Fabulous Adventures In Coding
Eric Lippert is a principal developer on the C# compiler team. Learn more about Eric.
[This is part of a series on generating every string in a language. The previous part is here. The next part is here.]
Last time: Clearly we have reduced a problem of size k to multiple problems of size less than k-1, and so this is amenable to a recursive solution. Right?
Wrong. (The “clearly” was a dead giveaway.) Remember, three things are necessary for a recursive solution. First, there has to be a way of reducing a problem of some size to a related problem of smaller size. Second, there has to be a way of combining solutions to smaller problems into a solution to a larger problem. And third, the smallest possible problem has to admit a non-recursive solution; the recursion has to stop somewhere.
Have we got all of that? We seem to, but let’s try a different example. We previously discussed a grammar for arithmetical sums. Let’s make a minor modification to that:
S: N | S PP: + NN: 1 | 2 | 3
I hope you agree that this is clearly the same language, just with a slightly different grammar. Now how would we go about answering the question “what are all the strings in this grammar of form S with three terminals? I want a concise way of saying that, so let’s say that S<3> means that. To say “the set of strings which is the combination of all possible strings of X<n> followed by all possible strings of Y<m>” I’ll say X<n>Y<m>
So, what is S<3> ? It is the combination of N<3>, S<0>P<3>, S<1>P<2>, S<2>P<1> and S<3>P<0>.
Uh oh. We have not met the first condition; we “reduced” the problem of “what are all the strings of size three that match S” to a set of problems that requires us to solve that problem! In fact, the subproblem S<3>P<0> is solvable if we know that we can skip it because there are no such strings of the form P with zero terminals. But how do we know that? In this particular case it is obvious that substitution of P never produces NIL, but in general we have no way of knowing that.
Heck, we can’t even satisfy the third condition; the problem of working out S<0> is “reduced” to the problem of solving both N<0> and S<0>P<0>, which is a larger problem!

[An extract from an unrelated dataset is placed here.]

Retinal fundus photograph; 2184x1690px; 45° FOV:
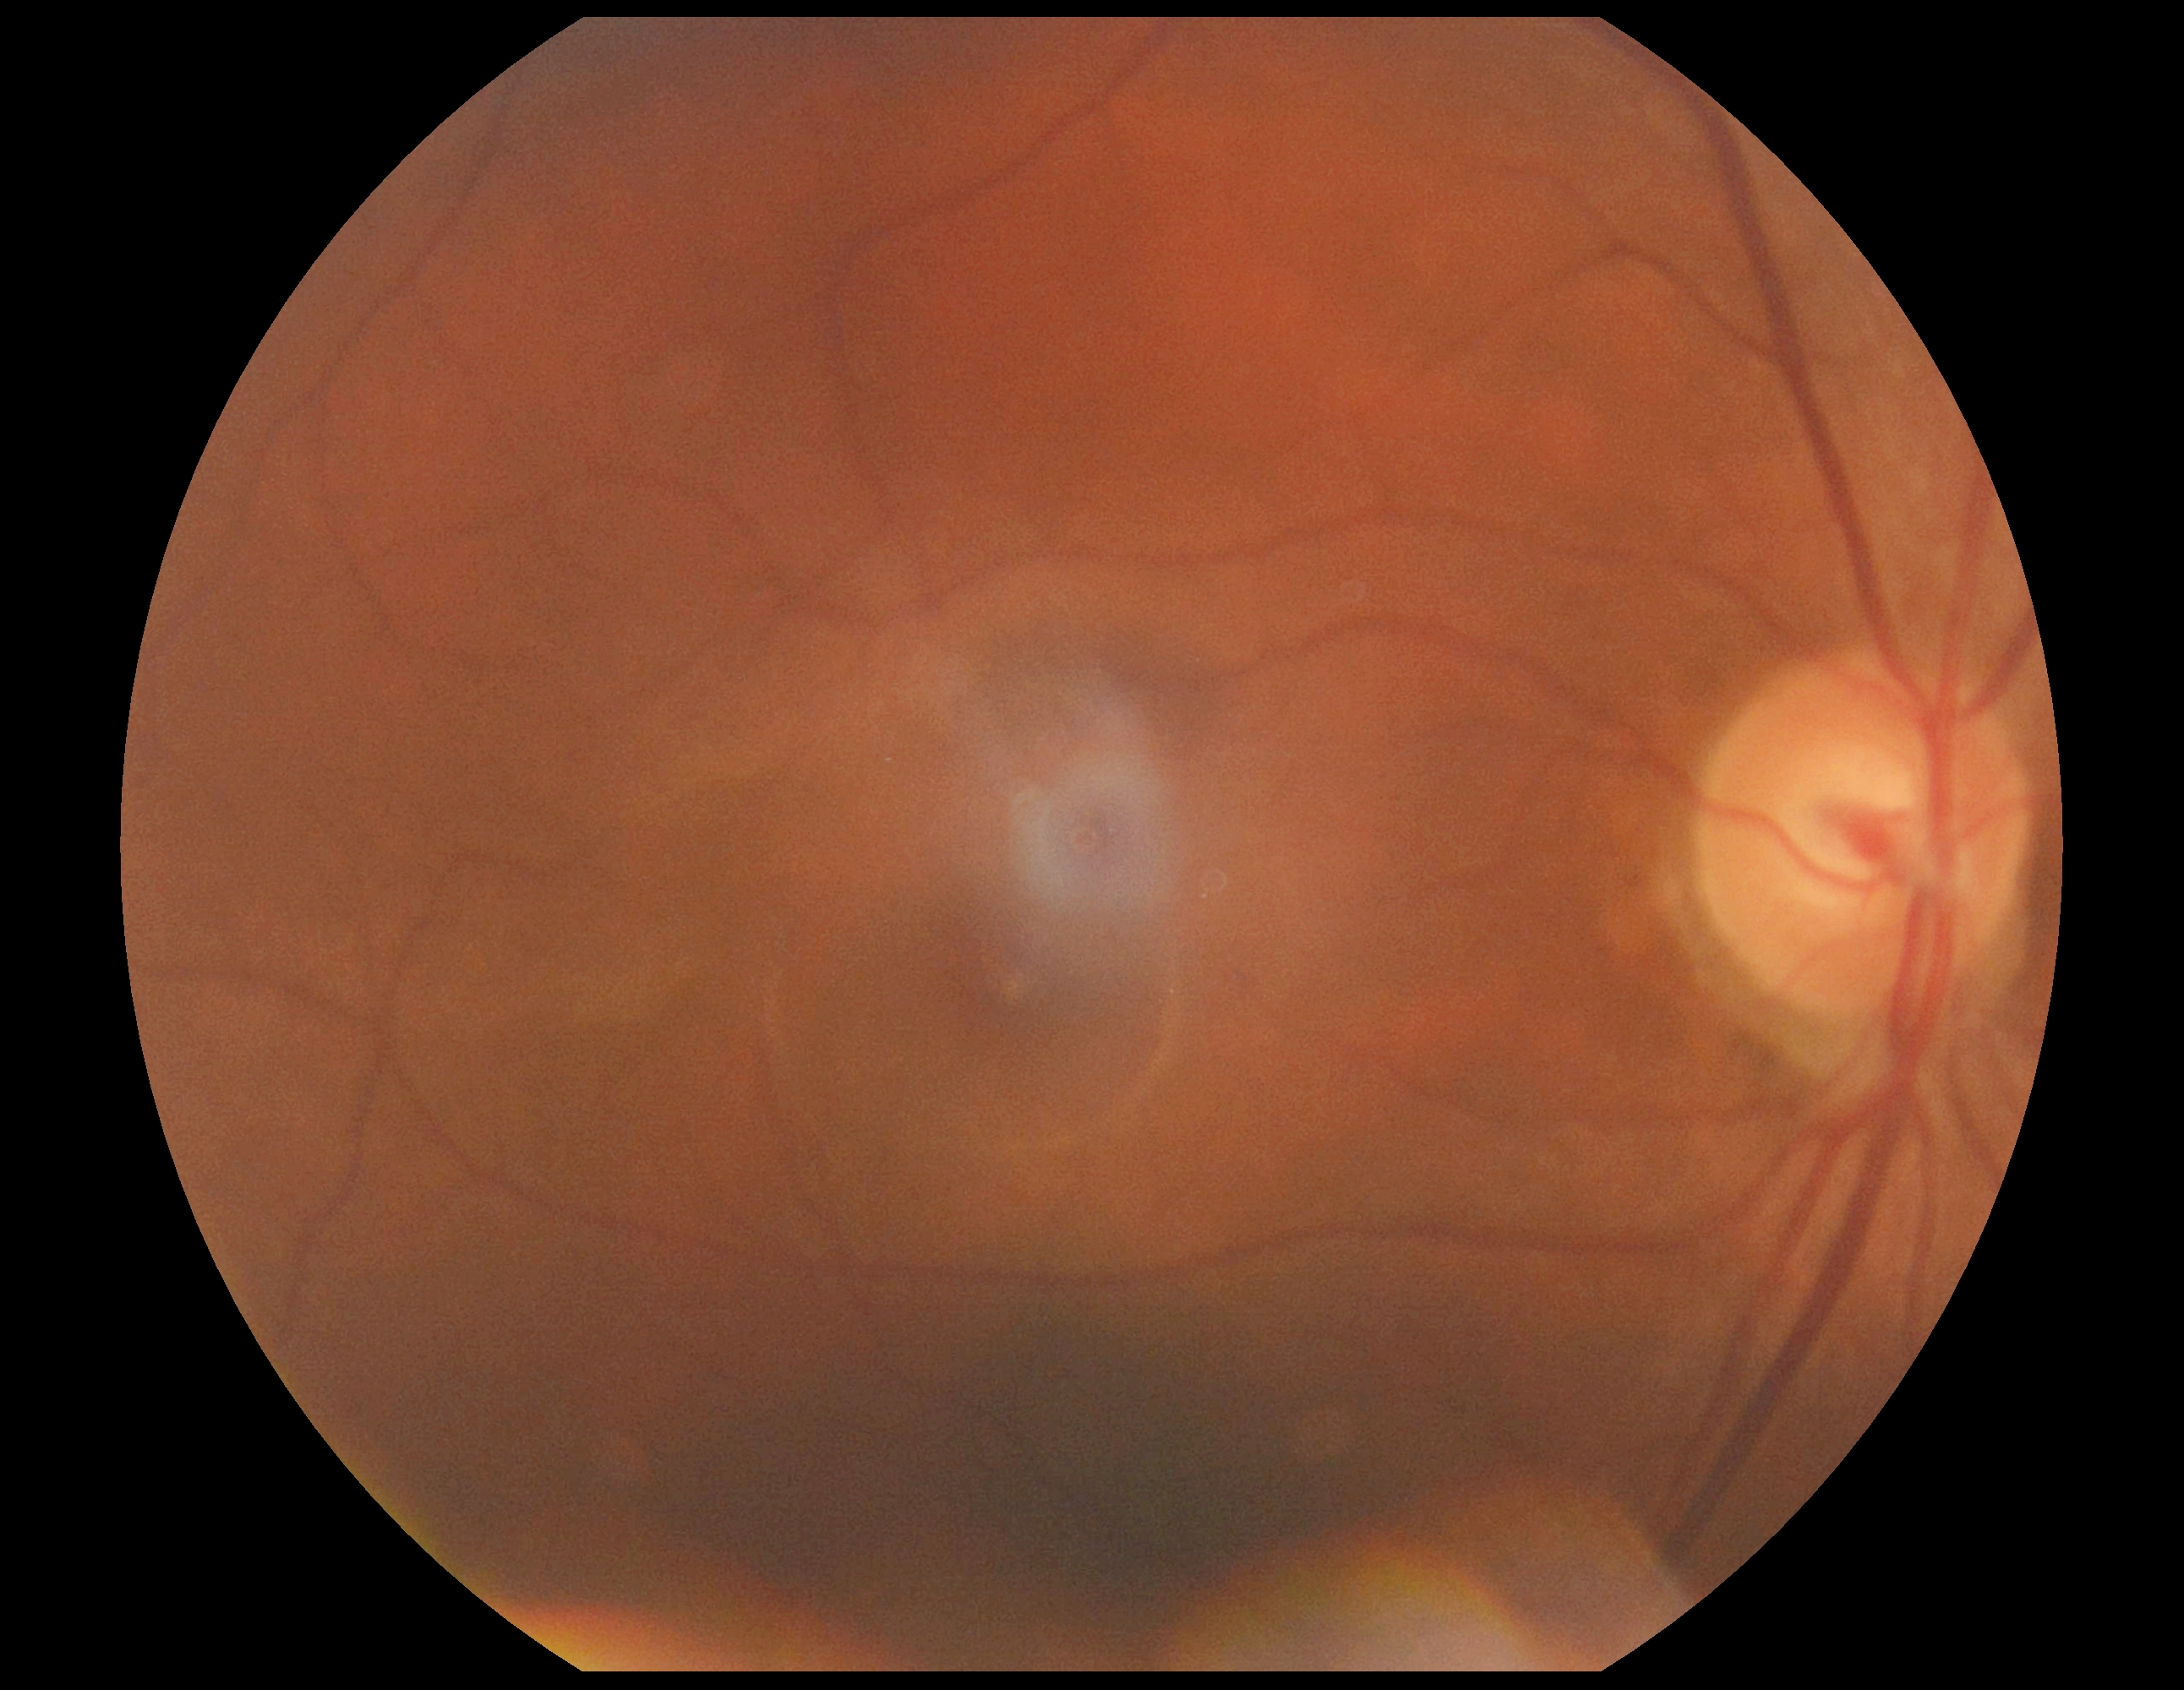 retinopathy grade: 0 | DR impression: no signs of DR.

We might be able to make some progress if we can annotate the grammar to say “by the way, I happen to know that this production rule always produces at least one terminal, so you don’t need to consider the zero cases.” That is doable, but it is somewhat vexing to have to do so.
Is there another way?
Next time: Why yes, yes there is.
Step 1: Mark all terminal clauses as +1.
Step 2: Mark all rules with | as +X, where X is the maximum value.
N = +1
P = +2
S = +1 | S + 2
I'm not sure what to do at this point, but I feel like this has given us a hint at how many terminals the different rules produce.
You want to know if they can produce 0 terminals? Follow the NILs, going backwards much like a garbage collector.
A = x | x B
B = C D
C = x | NIL
D = y | C
C can be NIL.
Now everything that contains C can omit that. B can be D. D can be NIL.
Now everything that contains D can omit it. B can be NIL. A can be x.
Now we're done collecting garbage - B, C and D can be NIL, A can't.
I'm not sure how to do it in more complex cases because this solution isn't exactly recursive, but it's definitely a start.
The problem looks similar to the one I had with left recursive grammers in parser combinators. One solution for this which I implemented in my own .net parser combinator I found in these papers:
The idea is basically to limit the recursion depth for each single non-terminal to the length of the input string. This works because a useful recursive rule must at least produce one terminal in every recursion step.
However I'm not completely sure if and how to apply this to the problem on hand, because I don't fully understand it :-S
In the sequence S<3>P<0>, P<0> stands for all possible strings of length 0 that can be produced from the non-terminal P. But since the length is 0, there is only 2 possibilities: either P can produce NIL, or it can not. If P can be reduced to NIL, then S<3>P<0> is the same as S<3> (which we are evaluating already) and if not then S<3>P<0> can be skipped. So wether or not P<0> can be reduced to NIL, we can always skip the rule S<3>. Am I missing something?
Maybe not too imaginative, but I'd construct LR parser states from the grammar, then in each state iterate all terminals that are accepted by the state, moving to the proper follow state (also applying reductions, like when parsing), and when the desired word length is reached check if end-of-input is a valid follow symbol for where I am.